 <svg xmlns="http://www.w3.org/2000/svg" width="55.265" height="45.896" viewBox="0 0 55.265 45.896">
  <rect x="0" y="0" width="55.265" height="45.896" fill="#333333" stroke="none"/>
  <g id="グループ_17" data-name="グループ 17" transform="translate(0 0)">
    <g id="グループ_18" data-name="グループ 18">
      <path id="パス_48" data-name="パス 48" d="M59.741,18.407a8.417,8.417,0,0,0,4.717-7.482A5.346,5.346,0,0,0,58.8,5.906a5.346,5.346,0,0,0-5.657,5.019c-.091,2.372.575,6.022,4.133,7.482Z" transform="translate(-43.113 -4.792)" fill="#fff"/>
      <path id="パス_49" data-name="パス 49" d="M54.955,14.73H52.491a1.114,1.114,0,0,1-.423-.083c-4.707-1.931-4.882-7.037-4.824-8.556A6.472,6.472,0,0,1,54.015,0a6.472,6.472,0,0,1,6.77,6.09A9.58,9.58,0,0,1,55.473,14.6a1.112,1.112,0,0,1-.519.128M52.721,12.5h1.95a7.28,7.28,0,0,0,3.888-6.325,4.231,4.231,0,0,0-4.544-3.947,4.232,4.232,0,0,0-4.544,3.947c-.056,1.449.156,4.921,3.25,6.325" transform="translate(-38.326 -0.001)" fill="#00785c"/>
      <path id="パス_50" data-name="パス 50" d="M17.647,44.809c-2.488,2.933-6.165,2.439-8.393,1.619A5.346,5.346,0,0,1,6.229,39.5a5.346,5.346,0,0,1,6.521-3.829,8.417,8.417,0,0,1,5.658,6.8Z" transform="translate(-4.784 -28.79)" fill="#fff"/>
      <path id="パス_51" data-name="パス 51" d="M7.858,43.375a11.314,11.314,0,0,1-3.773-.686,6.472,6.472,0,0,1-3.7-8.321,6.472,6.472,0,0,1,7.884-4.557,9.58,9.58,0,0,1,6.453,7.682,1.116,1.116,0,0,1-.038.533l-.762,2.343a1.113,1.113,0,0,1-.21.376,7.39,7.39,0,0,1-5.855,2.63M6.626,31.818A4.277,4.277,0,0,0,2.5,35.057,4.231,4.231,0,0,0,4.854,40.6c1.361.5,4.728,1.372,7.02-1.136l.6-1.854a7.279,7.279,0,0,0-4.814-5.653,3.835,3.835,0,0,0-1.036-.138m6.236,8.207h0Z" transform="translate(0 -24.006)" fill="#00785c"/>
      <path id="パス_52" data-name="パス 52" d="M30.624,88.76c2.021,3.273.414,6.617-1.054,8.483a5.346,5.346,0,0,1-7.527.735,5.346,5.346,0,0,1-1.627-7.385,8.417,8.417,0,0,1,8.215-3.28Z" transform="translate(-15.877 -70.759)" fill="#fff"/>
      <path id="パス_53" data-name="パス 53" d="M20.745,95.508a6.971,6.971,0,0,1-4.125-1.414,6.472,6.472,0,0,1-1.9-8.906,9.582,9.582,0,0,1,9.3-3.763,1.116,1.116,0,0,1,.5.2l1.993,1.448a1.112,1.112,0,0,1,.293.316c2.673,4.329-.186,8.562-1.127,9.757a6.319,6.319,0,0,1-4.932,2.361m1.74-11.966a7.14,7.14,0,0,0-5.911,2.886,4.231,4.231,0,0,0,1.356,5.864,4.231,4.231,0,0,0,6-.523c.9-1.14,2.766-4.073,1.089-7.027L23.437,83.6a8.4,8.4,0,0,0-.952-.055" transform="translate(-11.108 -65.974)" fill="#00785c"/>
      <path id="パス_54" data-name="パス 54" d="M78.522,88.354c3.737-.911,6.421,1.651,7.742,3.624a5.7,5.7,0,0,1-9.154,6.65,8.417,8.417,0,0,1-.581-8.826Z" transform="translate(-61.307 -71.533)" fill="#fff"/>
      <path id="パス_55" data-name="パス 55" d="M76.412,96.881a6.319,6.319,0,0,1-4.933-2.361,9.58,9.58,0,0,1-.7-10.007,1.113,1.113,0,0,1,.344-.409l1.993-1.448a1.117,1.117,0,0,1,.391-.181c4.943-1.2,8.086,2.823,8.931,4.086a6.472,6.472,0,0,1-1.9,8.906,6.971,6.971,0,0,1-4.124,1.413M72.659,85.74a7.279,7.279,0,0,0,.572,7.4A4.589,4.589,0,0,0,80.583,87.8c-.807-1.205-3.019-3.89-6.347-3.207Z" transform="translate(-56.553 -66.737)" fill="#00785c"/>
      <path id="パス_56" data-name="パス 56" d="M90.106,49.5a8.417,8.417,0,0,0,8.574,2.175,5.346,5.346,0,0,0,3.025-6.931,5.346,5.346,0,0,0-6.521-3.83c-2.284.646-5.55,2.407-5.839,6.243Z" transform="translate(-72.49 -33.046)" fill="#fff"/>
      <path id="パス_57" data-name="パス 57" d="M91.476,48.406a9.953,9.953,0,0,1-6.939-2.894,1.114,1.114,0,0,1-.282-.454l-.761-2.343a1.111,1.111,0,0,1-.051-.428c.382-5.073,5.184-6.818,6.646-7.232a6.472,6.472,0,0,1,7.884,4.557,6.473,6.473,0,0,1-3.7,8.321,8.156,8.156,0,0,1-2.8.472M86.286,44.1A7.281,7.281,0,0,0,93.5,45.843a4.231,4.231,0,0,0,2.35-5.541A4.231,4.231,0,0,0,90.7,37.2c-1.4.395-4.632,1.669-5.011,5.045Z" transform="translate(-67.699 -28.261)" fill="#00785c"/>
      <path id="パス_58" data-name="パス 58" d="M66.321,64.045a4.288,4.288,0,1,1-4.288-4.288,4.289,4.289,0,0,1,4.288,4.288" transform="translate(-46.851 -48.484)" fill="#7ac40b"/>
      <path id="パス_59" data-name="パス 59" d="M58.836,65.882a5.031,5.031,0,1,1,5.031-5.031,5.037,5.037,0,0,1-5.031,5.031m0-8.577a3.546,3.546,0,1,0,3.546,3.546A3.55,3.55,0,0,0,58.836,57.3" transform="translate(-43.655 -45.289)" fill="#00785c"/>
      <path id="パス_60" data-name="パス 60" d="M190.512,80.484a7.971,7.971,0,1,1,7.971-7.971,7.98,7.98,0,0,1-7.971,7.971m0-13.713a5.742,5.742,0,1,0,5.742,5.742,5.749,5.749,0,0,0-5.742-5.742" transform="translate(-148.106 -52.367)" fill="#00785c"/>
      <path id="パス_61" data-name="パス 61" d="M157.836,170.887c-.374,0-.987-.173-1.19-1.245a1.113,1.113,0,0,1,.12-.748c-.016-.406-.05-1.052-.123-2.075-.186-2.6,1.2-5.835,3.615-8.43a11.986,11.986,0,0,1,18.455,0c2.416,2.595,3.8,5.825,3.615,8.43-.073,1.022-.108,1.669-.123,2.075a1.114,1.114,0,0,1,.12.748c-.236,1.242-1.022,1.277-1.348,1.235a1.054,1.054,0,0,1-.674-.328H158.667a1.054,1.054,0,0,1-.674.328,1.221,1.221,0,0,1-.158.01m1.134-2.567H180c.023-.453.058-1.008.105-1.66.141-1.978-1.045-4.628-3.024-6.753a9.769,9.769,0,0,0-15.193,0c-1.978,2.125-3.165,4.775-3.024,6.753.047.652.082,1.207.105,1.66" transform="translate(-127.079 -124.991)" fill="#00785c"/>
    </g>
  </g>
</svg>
^^^^^^^^
[Task goal] Precisely reproduce all the entries shown above.

[Result]
 <svg xmlns="http://www.w3.org/2000/svg" width="55.265" height="45.896" viewBox="0 0 55.265 45.896">
  <rect x="0" y="0" width="55.265" height="45.896" fill="#333333" stroke="none"/>
  <g id="グループ_17" data-name="グループ 17" transform="translate(0 0)">
    <g id="グループ_18" data-name="グループ 18">
      <path id="パス_48" data-name="パス 48" d="M59.741,18.407a8.417,8.417,0,0,0,4.717-7.482A5.346,5.346,0,0,0,58.8,5.906a5.346,5.346,0,0,0-5.657,5.019c-.091,2.372.575,6.022,4.133,7.482Z" transform="translate(-43.113 -4.792)" fill="#fff"/>
      <path id="パス_49" data-name="パス 49" d="M54.955,14.73H52.491a1.114,1.114,0,0,1-.423-.083c-4.707-1.931-4.882-7.037-4.824-8.556A6.472,6.472,0,0,1,54.015,0a6.472,6.472,0,0,1,6.77,6.09A9.58,9.58,0,0,1,55.473,14.6a1.112,1.112,0,0,1-.519.128M52.721,12.5h1.95a7.28,7.28,0,0,0,3.888-6.325,4.231,4.231,0,0,0-4.544-3.947,4.232,4.232,0,0,0-4.544,3.947c-.056,1.449.156,4.921,3.25,6.325" transform="translate(-38.326 -0.001)" fill="#00785c"/>
      <path id="パス_50" data-name="パス 50" d="M17.647,44.809c-2.488,2.933-6.165,2.439-8.393,1.619A5.346,5.346,0,0,1,6.229,39.5a5.346,5.346,0,0,1,6.521-3.829,8.417,8.417,0,0,1,5.658,6.8Z" transform="translate(-4.784 -28.79)" fill="#fff"/>
      <path id="パス_51" data-name="パス 51" d="M7.858,43.375a11.314,11.314,0,0,1-3.773-.686,6.472,6.472,0,0,1-3.7-8.321,6.472,6.472,0,0,1,7.884-4.557,9.58,9.58,0,0,1,6.453,7.682,1.116,1.116,0,0,1-.038.533l-.762,2.343a1.113,1.113,0,0,1-.21.376,7.39,7.39,0,0,1-5.855,2.63M6.626,31.818A4.277,4.277,0,0,0,2.5,35.057,4.231,4.231,0,0,0,4.854,40.6c1.361.5,4.728,1.372,7.02-1.136l.6-1.854a7.279,7.279,0,0,0-4.814-5.653,3.835,3.835,0,0,0-1.036-.138m6.236,8.207h0Z" transform="translate(0 -24.006)" fill="#00785c"/>
      <path id="パス_52" data-name="パス 52" d="M30.624,88.76c2.021,3.273.414,6.617-1.054,8.483a5.346,5.346,0,0,1-7.527.735,5.346,5.346,0,0,1-1.627-7.385,8.417,8.417,0,0,1,8.215-3.28Z" transform="translate(-15.877 -70.759)" fill="#fff"/>
      <path id="パス_53" data-name="パス 53" d="M20.745,95.508a6.971,6.971,0,0,1-4.125-1.414,6.472,6.472,0,0,1-1.9-8.906,9.582,9.582,0,0,1,9.3-3.763,1.116,1.116,0,0,1,.5.2l1.993,1.448a1.112,1.112,0,0,1,.293.316c2.673,4.329-.186,8.562-1.127,9.757a6.319,6.319,0,0,1-4.932,2.361m1.74-11.966a7.14,7.14,0,0,0-5.911,2.886,4.231,4.231,0,0,0,1.356,5.864,4.231,4.231,0,0,0,6-.523c.9-1.14,2.766-4.073,1.089-7.027L23.437,83.6a8.4,8.4,0,0,0-.952-.055" transform="translate(-11.108 -65.974)" fill="#00785c"/>
      <path id="パス_54" data-name="パス 54" d="M78.522,88.354c3.737-.911,6.421,1.651,7.742,3.624a5.7,5.7,0,0,1-9.154,6.65,8.417,8.417,0,0,1-.581-8.826Z" transform="translate(-61.307 -71.533)" fill="#fff"/>
      <path id="パス_55" data-name="パス 55" d="M76.412,96.881a6.319,6.319,0,0,1-4.933-2.361,9.58,9.58,0,0,1-.7-10.007,1.113,1.113,0,0,1,.344-.409l1.993-1.448a1.117,1.117,0,0,1,.391-.181c4.943-1.2,8.086,2.823,8.931,4.086a6.472,6.472,0,0,1-1.9,8.906,6.971,6.971,0,0,1-4.124,1.413M72.659,85.74a7.279,7.279,0,0,0,.572,7.4A4.589,4.589,0,0,0,80.583,87.8c-.807-1.205-3.019-3.89-6.347-3.207Z" transform="translate(-56.553 -66.737)" fill="#00785c"/>
      <path id="パス_56" data-name="パス 56" d="M90.106,49.5a8.417,8.417,0,0,0,8.574,2.175,5.346,5.346,0,0,0,3.025-6.931,5.346,5.346,0,0,0-6.521-3.83c-2.284.646-5.55,2.407-5.839,6.243Z" transform="translate(-72.49 -33.046)" fill="#fff"/>
      <path id="パス_57" data-name="パス 57" d="M91.476,48.406a9.953,9.953,0,0,1-6.939-2.894,1.114,1.114,0,0,1-.282-.454l-.761-2.343a1.111,1.111,0,0,1-.051-.428c.382-5.073,5.184-6.818,6.646-7.232a6.472,6.472,0,0,1,7.884,4.557,6.473,6.473,0,0,1-3.7,8.321,8.156,8.156,0,0,1-2.8.472M86.286,44.1A7.281,7.281,0,0,0,93.5,45.843a4.231,4.231,0,0,0,2.35-5.541A4.231,4.231,0,0,0,90.7,37.2c-1.4.395-4.632,1.669-5.011,5.045Z" transform="translate(-67.699 -28.261)" fill="#00785c"/>
      <path id="パス_58" data-name="パス 58" d="M66.321,64.045a4.288,4.288,0,1,1-4.288-4.288,4.289,4.289,0,0,1,4.288,4.288" transform="translate(-46.851 -48.484)" fill="#7ac40b"/>
      <path id="パス_59" data-name="パス 59" d="M58.836,65.882a5.031,5.031,0,1,1,5.031-5.031,5.037,5.037,0,0,1-5.031,5.031m0-8.577a3.546,3.546,0,1,0,3.546,3.546A3.55,3.55,0,0,0,58.836,57.3" transform="translate(-43.655 -45.289)" fill="#00785c"/>
      <path id="パス_60" data-name="パス 60" d="M190.512,80.484a7.971,7.971,0,1,1,7.971-7.971,7.98,7.98,0,0,1-7.971,7.971m0-13.713a5.742,5.742,0,1,0,5.742,5.742,5.749,5.749,0,0,0-5.742-5.742" transform="translate(-148.106 -52.367)" fill="#00785c"/>
      <path id="パス_61" data-name="パス 61" d="M157.836,170.887c-.374,0-.987-.173-1.19-1.245a1.113,1.113,0,0,1,.12-.748c-.016-.406-.05-1.052-.123-2.075-.186-2.6,1.2-5.835,3.615-8.43a11.986,11.986,0,0,1,18.455,0c2.416,2.595,3.8,5.825,3.615,8.43-.073,1.022-.108,1.669-.123,2.075a1.114,1.114,0,0,1,.12.748c-.236,1.242-1.022,1.277-1.348,1.235a1.054,1.054,0,0,1-.674-.328H158.667a1.054,1.054,0,0,1-.674.328,1.221,1.221,0,0,1-.158.01m1.134-2.567H180c.023-.453.058-1.008.105-1.66.141-1.978-1.045-4.628-3.024-6.753a9.769,9.769,0,0,0-15.193,0c-1.978,2.125-3.165,4.775-3.024,6.753.047.652.082,1.207.105,1.66" transform="translate(-127.079 -124.991)" fill="#00785c"/>
    </g>
  </g>
</svg>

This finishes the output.